- Weight_elasticnet uses a statistic regularization method by integrating structure information and overlap of multiple pathways for analysis of high-dimensional gene expression data.
- It is required to install the following dependencies in order to be able to run the package: For the weighted elastic net method of the package named weight_elasticnet
python >= 3.5
numpy = 1.18.4
pandas = 0.23.4
joblib = 1.0.0
scipy >= 1.4.1
scikit-learn >= 0.23.2
You can also clone the repository and do a manual install.
git clone https://github.com/huanheaha/Weight_EN.git
python setup.py install
- Acquire all the data and code in Weight_EN to the local address.
- Open Python editor,then dictory to Weight_EN folder which contains example.py.
- Make sure the data and code are in one folder,or enter the exact data address when you run the code.
Running the example in example.py. Specific example including parameter description and parameter selection is provided in this file.
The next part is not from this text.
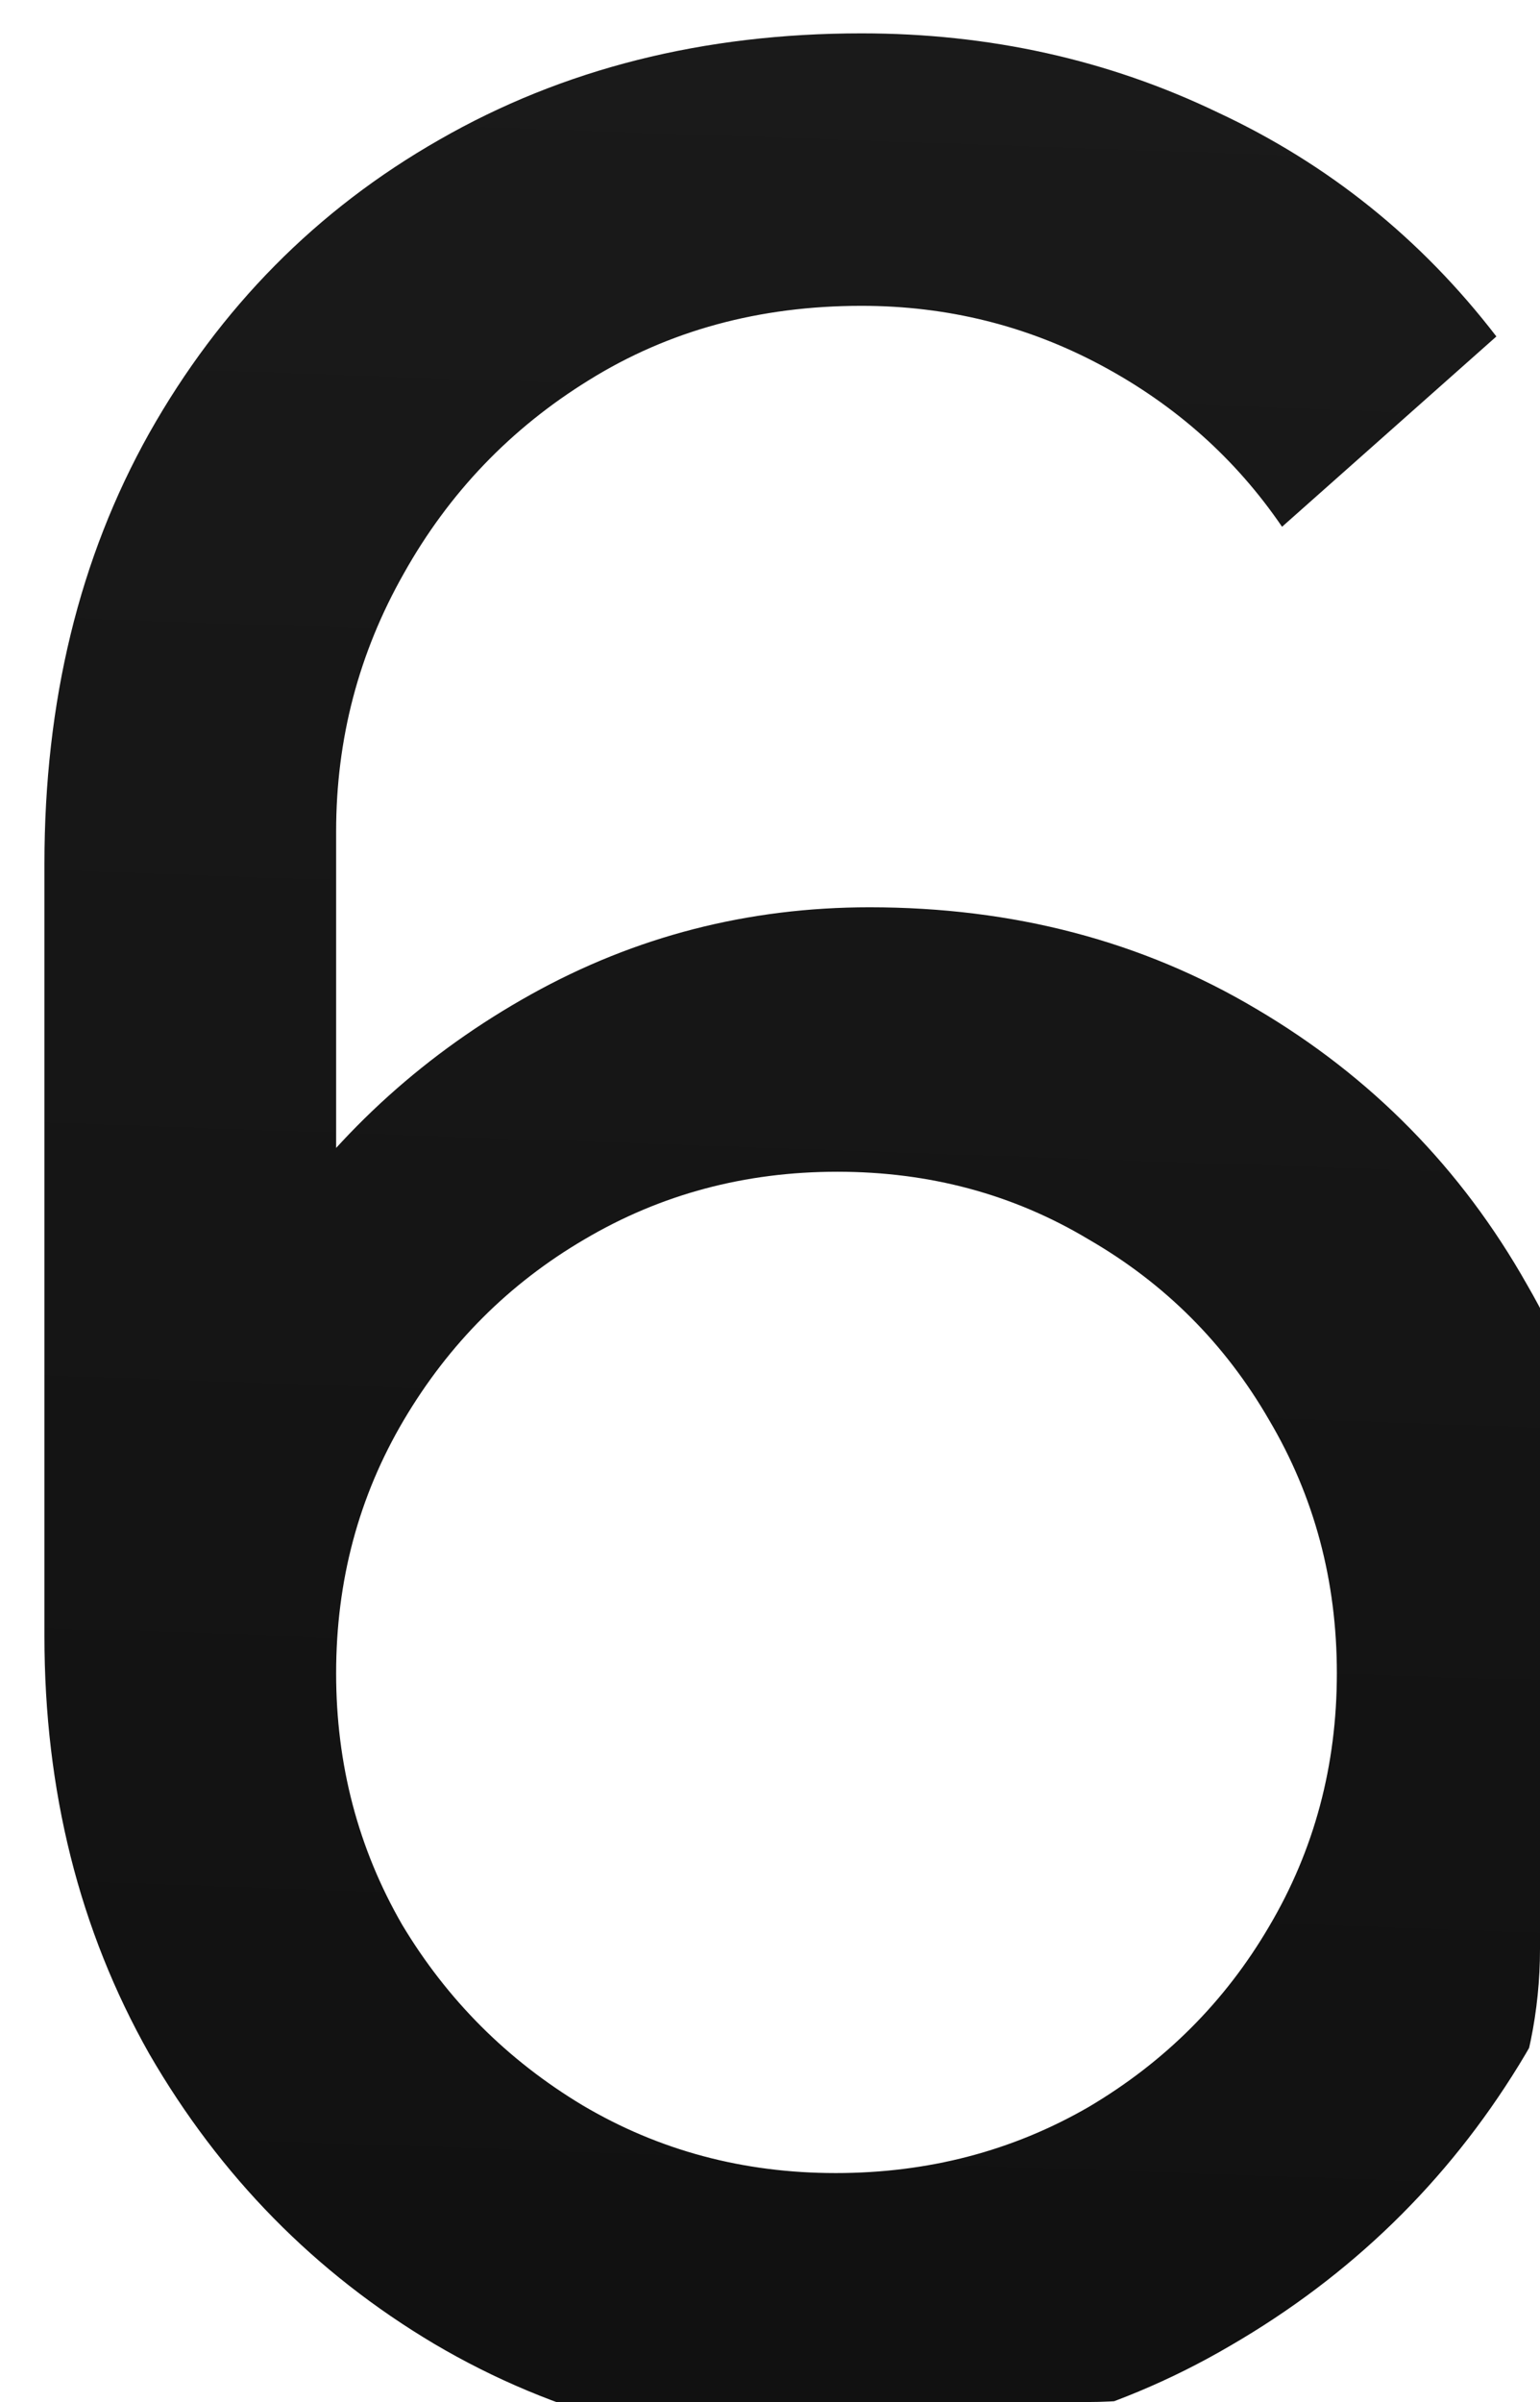 <?xml version="1.0" encoding="UTF-8"?> <svg xmlns="http://www.w3.org/2000/svg" width="34" height="53" viewBox="0 0 34 53" fill="none"> <g clip-path="url(#clip0_240_167)"> <path d="M18.45 54.067C15.2 54.067 12.247 53.285 9.591 51.719C6.958 50.154 4.859 48.019 3.294 45.315C1.752 42.587 0.981 39.516 0.981 36.1V19.058C0.981 15.477 1.752 12.31 3.294 9.559C4.859 6.784 6.994 4.626 9.698 3.084C12.425 1.518 15.532 0.736 19.019 0.736C21.842 0.736 24.462 1.317 26.882 2.479C29.325 3.618 31.377 5.266 33.037 7.424L28.305 11.623C27.285 10.128 25.957 8.942 24.32 8.065C22.684 7.187 20.916 6.748 19.019 6.748C16.766 6.748 14.761 7.294 13.006 8.385C11.275 9.452 9.911 10.876 8.915 12.654C7.919 14.41 7.421 16.307 7.421 18.347V28.629L6.033 27.064C7.527 24.929 9.425 23.221 11.726 21.94C14.026 20.66 16.517 20.019 19.197 20.019C22.375 20.019 25.221 20.766 27.736 22.261C30.274 23.755 32.266 25.783 33.713 28.344C35.183 30.882 35.919 33.74 35.919 36.919C35.919 40.097 35.124 42.979 33.535 45.564C31.946 48.15 29.823 50.213 27.166 51.755C24.534 53.297 21.628 54.067 18.45 54.067ZM18.45 47.948C20.49 47.948 22.352 47.462 24.036 46.489C25.72 45.493 27.048 44.165 28.02 42.505C29.017 40.82 29.515 38.959 29.515 36.919C29.515 34.879 29.017 33.017 28.02 31.333C27.048 29.649 25.72 28.321 24.036 27.348C22.375 26.352 20.525 25.854 18.485 25.854C16.446 25.854 14.584 26.352 12.9 27.348C11.239 28.321 9.911 29.649 8.915 31.333C7.919 33.017 7.421 34.879 7.421 36.919C7.421 38.935 7.907 40.785 8.879 42.469C9.875 44.129 11.204 45.457 12.864 46.454C14.548 47.45 16.41 47.948 18.45 47.948Z" fill="url(#paint0_linear_240_167)"></path> </g> <defs> <linearGradient id="paint0_linear_240_167" x1="41" y1="-82.5" x2="33.006" y2="145.705" gradientUnits="userSpaceOnUse"> <stop stop-color="#292929"></stop> <stop offset="1"></stop> </linearGradient> <clipPath id="clip0_240_167"> <path d="M0 0H34V43C34 48.523 29.523 53 24 53H0V0Z" fill="white"></path> </clipPath> </defs> </svg>

from weight_elasticnet.Weight_EN import LogisticRegElastic
logit = LogisticRegElastic()
coef_path = logit.fit(matrix, alpha, wj, precision = 0.0001,
lambda_grid =[lambd], pyspark=False)
"""matrix: inpute training matrix
alpha: α∈[0,1] which determines the relative weight of the l_1 and l_2 norm.
wj: feature weight
lambd: regularization parameter
"""
y_pre = logit.predict(X_test, pyspark=False)
"""y_pre: prediction probability of independent test set
"""
Prediction results will show in the terminal.
print(y_pre[:10])
[0.77605729 0.49160284 0.77872351 0.66705835 0.58397401 0.73701146
0.76280227 0.62244287 0.48524927 0.62714534]
The parameters alpha and lambd can be adjusted according to user requirements.
- The input data set should be standardized.
- The csv files of LIHC_kegg_path.csv, THCA_kegg_path.csv and Lung_kegg_path.csv represent the final mRNA gene expression data of three cancer genes trained in the model. The csv file of gene_weight.csv is gene weight data, i.e. [degree,rank,1/rank].
- For example, the optimal parameters are trained in THCA_best.model.You can run predict.py to obtain the prediction results of the real data.